-- Information shown follows --

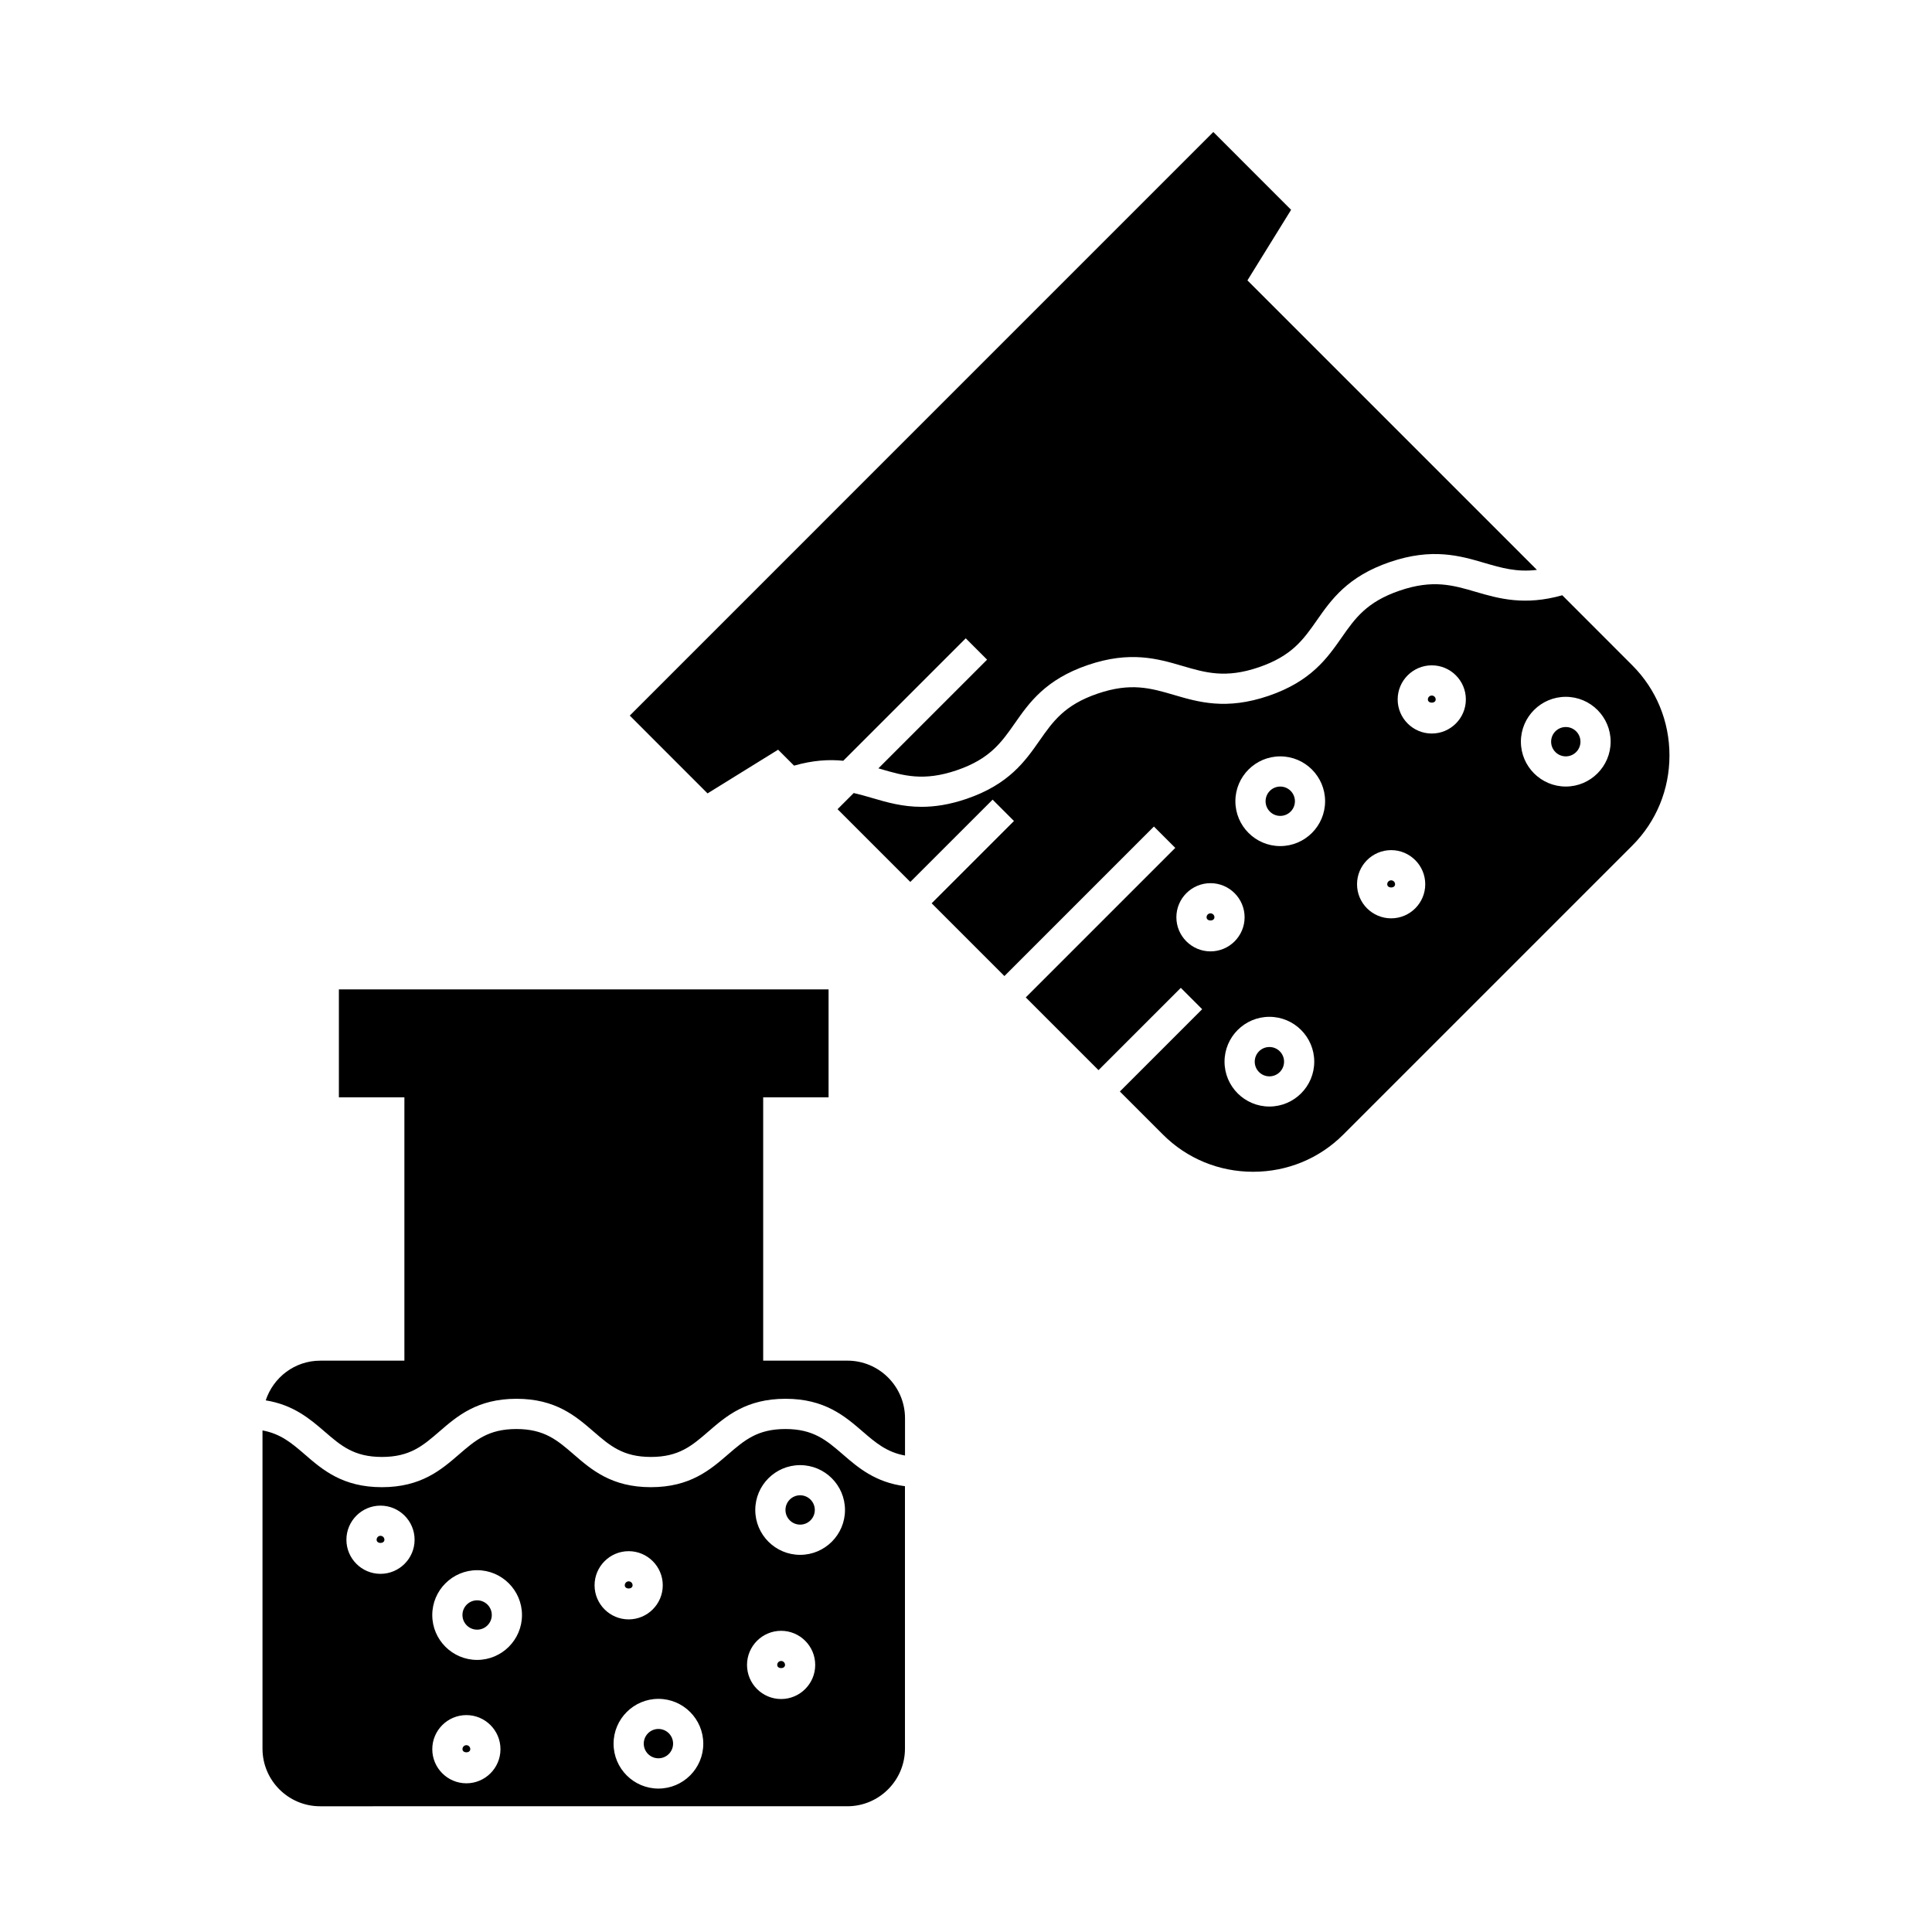 <?xml version="1.0" encoding="UTF-8"?>
<svg width="1200pt" height="1200pt" version="1.1" viewBox="0 0 1200 1200" xmlns="http://www.w3.org/2000/svg">
 <path d="m506.09 937.86c0 5.031-4.078 9.113-9.109 9.113-5.035 0-9.113-4.082-9.113-9.113 0-5.035 4.078-9.113 9.113-9.113 5.031 0 9.109 4.078 9.109 9.113"/>
 <path d="m487.6 1034.1c0-1.336-1.086-2.438-2.426-2.438-1.336 0-2.426 1.086-2.426 2.438-0.012 2.66 4.852 2.66 4.852 0z"/>
 <path d="m198.88 845.14c-15.824 0-29.125 10.387-33.836 24.648 17.137 2.762 27.398 11.461 36.562 19.375 10.188 8.812 18.25 15.773 35.637 15.773s25.438-6.961 35.625-15.773c11.039-9.539 23.539-20.352 47.926-20.352 24.363 0 36.852 10.812 47.875 20.352 10.188 8.812 18.25 15.773 35.637 15.773 17.414 0 25.461-6.961 35.676-15.789 11.023-9.539 23.539-20.336 47.914-20.336s36.887 10.812 47.914 20.336c8.148 7.051 15.023 12.852 26.312 14.914v-23.148c0-19.738-16.051-35.789-35.789-35.789h-52.301l-0.004-163.56h40.613v-67.039h-304.15v67.039h40.688v163.56h-52.301z"/>
 <path d="m418.07 1083c0 5.031-4.078 9.109-9.113 9.109-5.031 0-9.109-4.078-9.109-9.109 0-5.035 4.078-9.113 9.109-9.113 5.035 0 9.113 4.078 9.113 9.113"/>
 <path d="m238.77 956.35c0-1.336-1.102-2.438-2.438-2.438-1.324 0-2.414 1.086-2.414 2.438-0.008 2.688 4.852 2.66 4.852 0z"/>
 <path d="m526.3 1121.9c19.738 0 35.789-16.062 35.789-35.789l-0.004-163.01c-18.398-2.363-29.051-11.5-38.574-19.738-10.199-8.812-18.262-15.773-35.664-15.773-17.398 0-25.449 6.961-35.664 15.773-11.039 9.539-23.539 20.352-47.926 20.352-24.375 0-36.863-10.812-47.898-20.352-10.176-8.812-18.227-15.773-35.613-15.773-17.414 0-25.449 6.961-35.664 15.789-11.023 9.539-23.523 20.336-47.887 20.336-24.375 0-36.863-10.812-47.887-20.352-8.137-7.039-15-12.836-26.262-14.898v197.65c0 19.738 16.051 35.789 35.789 35.789zm-29.324-211.88c15.363 0 27.863 12.5 27.863 27.863s-12.5 27.863-27.863 27.863c-15.363 0-27.863-12.5-27.863-27.863s12.488-27.863 27.863-27.863zm-11.812 102.91c11.688 0 21.176 9.5 21.176 21.188 0 11.676-9.5 21.176-21.176 21.176-11.676 0-21.176-9.5-21.176-21.176 0-11.688 9.5-21.188 21.176-21.188zm-48.34 70.125c0 15.363-12.5 27.863-27.863 27.863-15.363 0-27.863-12.5-27.863-27.863 0-15.363 12.5-27.863 27.863-27.863 15.363 0 27.863 12.5 27.863 27.863zm-46.348-119.59c11.688 0 21.176 9.512 21.176 21.188s-9.5 21.176-21.176 21.176c-11.676 0-21.176-9.5-21.176-21.176s9.5-21.188 21.176-21.188zm-94.125 11.812c15.363 0 27.863 12.5 27.863 27.863s-12.5 27.863-27.863 27.863c-15.363 0-27.863-12.5-27.863-27.863s12.5-27.863 27.863-27.863zm-6.664 90c11.676 0 21.164 9.5 21.164 21.188 0 11.676-9.5 21.176-21.164 21.176-11.688 0-21.188-9.5-21.188-21.176-0.012-11.688 9.5-21.188 21.188-21.188zm-53.363-130.1c11.688 0 21.188 9.5 21.188 21.188 0 11.676-9.512 21.176-21.188 21.176s-21.164-9.5-21.164-21.176c0.004-11.676 9.504-21.188 21.164-21.188z"/>
 <path d="m305.46 1003.1c0 5.031-4.078 9.113-9.109 9.113-5.035 0-9.113-4.082-9.113-9.113s4.078-9.113 9.113-9.113c5.031 0 9.109 4.082 9.109 9.113"/>
 <path d="m392.91 984.64c0-1.352-1.086-2.438-2.426-2.438-1.336 0-2.426 1.086-2.426 2.438-0.012 2.676 4.852 2.676 4.852 0z"/>
 <path d="m292.1 1086.4c0-1.336-1.086-2.438-2.414-2.438-1.336 0-2.438 1.086-2.438 2.438-0.012 2.664 4.852 2.688 4.852 0z"/>
 <path d="m751.86 567.29c-1.336 0-2.438 1.086-2.438 2.426 0 2.699 4.887 2.699 4.887 0 0-1.328-1.102-2.426-2.449-2.426z"/>
 <path d="m546.86 477.6c14.352 4.211 26.762 7.852 47.398 0.824 20.562-7.012 27.738-17.273 36.062-29.176 8.914-12.75 19.012-27.188 45.363-36.188 26.273-8.961 43.523-3.898 58.762 0.574 14.363 4.211 26.824 7.863 47.426 0.812 20.562-7.012 27.75-17.273 36.062-29.176 8.914-12.75 19.012-27.199 45.375-36.188 26.227-8.949 43.5-3.914 58.75 0.574 10.562 3.102 20.086 5.836 32.551 4.312l-179.81-179.81 27.125-43.836-48.312-48.324-362.46 362.47 48.312 48.324 43.836-27.137 9.898 9.898c11.824-3.375 21.801-3.926 30.562-3.023l76.074-76.062 13.262 13.262-67.512 67.512c0.43 0.102 0.867 0.227 1.281 0.352z"/>
 <path d="m981.65 460.68c0 5.031-4.078 9.113-9.109 9.113-5.035 0-9.113-4.082-9.113-9.113 0-5.035 4.078-9.113 9.113-9.113 5.031 0 9.109 4.078 9.109 9.113"/>
 <path d="m797.56 659.43c0 5.031-4.078 9.113-9.113 9.113-5.031 0-9.113-4.082-9.113-9.113 0-5.035 4.082-9.113 9.113-9.113 5.035 0 9.113 4.078 9.113 9.113"/>
 <path d="m864.07 546.79c-1.336 0-2.438 1.086-2.438 2.438 0 2.676 4.875 2.676 4.875 0-0.012-1.352-1.098-2.438-2.438-2.438z"/>
 <path d="m804.3 497.66c0 5.031-4.082 9.109-9.113 9.109s-9.113-4.078-9.113-9.109c0-5.035 4.082-9.113 9.113-9.113s9.113 4.078 9.113 9.113"/>
 <path d="m889.31 432.01c-1.336 0-2.438 1.086-2.438 2.426 0 2.664 4.863 2.688 4.863 0-0.012-1.336-1.102-2.426-2.426-2.426z"/>
 <path d="m970.36 369.73c-23.352 6.602-39.375 2.086-53.574-2.074-14.336-4.211-26.801-7.863-47.426-0.812-20.562 7.012-27.75 17.273-36.062 29.176-8.914 12.75-19.012 27.199-45.375 36.188-26.273 8.961-43.523 3.898-58.75-0.574-14.387-4.227-26.824-7.852-47.438-0.812-20.551 7.012-27.738 17.289-36.062 29.176-8.914 12.75-19.012 27.199-45.363 36.188-10.625 3.625-19.773 4.949-27.914 4.949-11.977 0-21.75-2.863-30.812-5.523-3.852-1.125-7.562-2.199-11.324-3.051l-10.039 10.039 45.188 45.188 51.125-51.113 13.262 13.262-51.125 51.113 45.188 45.199 92.863-92.875 13.262 13.262-92.863 92.875 45.176 45.176 51.125-51.113 13.262 13.262-51.113 51.113 26.773 26.773c14.875 14.887 34.762 23.086 55.988 23.086 21.227 0 41.102-8.199 55.988-23.086l179.51-179.5c14.887-14.887 23.102-34.773 23.102-56 0-21.211-8.199-41.102-23.102-55.988zm-239.69 200c0-11.676 9.512-21.176 21.188-21.176s21.188 9.5 21.188 21.176c0 11.688-9.512 21.188-21.188 21.188s-21.188-9.516-21.188-21.188zm57.773 117.56c-15.363 0-27.863-12.5-27.863-27.863s12.5-27.863 27.863-27.863 27.863 12.5 27.863 27.863-12.5 27.863-27.863 27.863zm6.738-161.77c-15.363 0-27.863-12.5-27.863-27.863 0-15.363 12.5-27.863 27.863-27.863s27.863 12.5 27.863 27.863c0 15.363-12.5 27.863-27.863 27.863zm68.887 44.875c-11.688 0-21.188-9.5-21.188-21.176 0-11.688 9.512-21.188 21.188-21.188s21.176 9.5 21.176 21.188c0 11.676-9.488 21.176-21.176 21.176zm25.238-114.79c-11.688 0-21.188-9.5-21.188-21.176s9.512-21.176 21.188-21.176 21.164 9.5 21.164 21.176-9.5 21.176-21.164 21.176zm83.227 32.926c-15.363 0-27.875-12.5-27.875-27.863s12.512-27.863 27.875-27.863c15.363 0 27.863 12.5 27.863 27.863-0.004 15.363-12.504 27.863-27.863 27.863z"/>
</svg>

-- Information shown concluded --

Aim of the exercise » Print the material above word for word, first line through the line with "1034.1c0-1.336-1.086-2.438-2.426-2.438-1.336 0-2.426 1.086-2.426", and leave every picture out.

Your solution »
 <?xml version="1.0" encoding="UTF-8"?>
<svg width="1200pt" height="1200pt" version="1.1" viewBox="0 0 1200 1200" xmlns="http://www.w3.org/2000/svg">
 <path d="m506.09 937.86c0 5.031-4.078 9.113-9.109 9.113-5.035 0-9.113-4.082-9.113-9.113 0-5.035 4.078-9.113 9.113-9.113 5.031 0 9.109 4.078 9.109 9.113"/>
 <path d="m487.6 1034.1c0-1.336-1.086-2.438-2.426-2.438-1.336 0-2.426 1.086-2.426 2.438-0.012 2.66 4.852 2.66 4.852 0z"/>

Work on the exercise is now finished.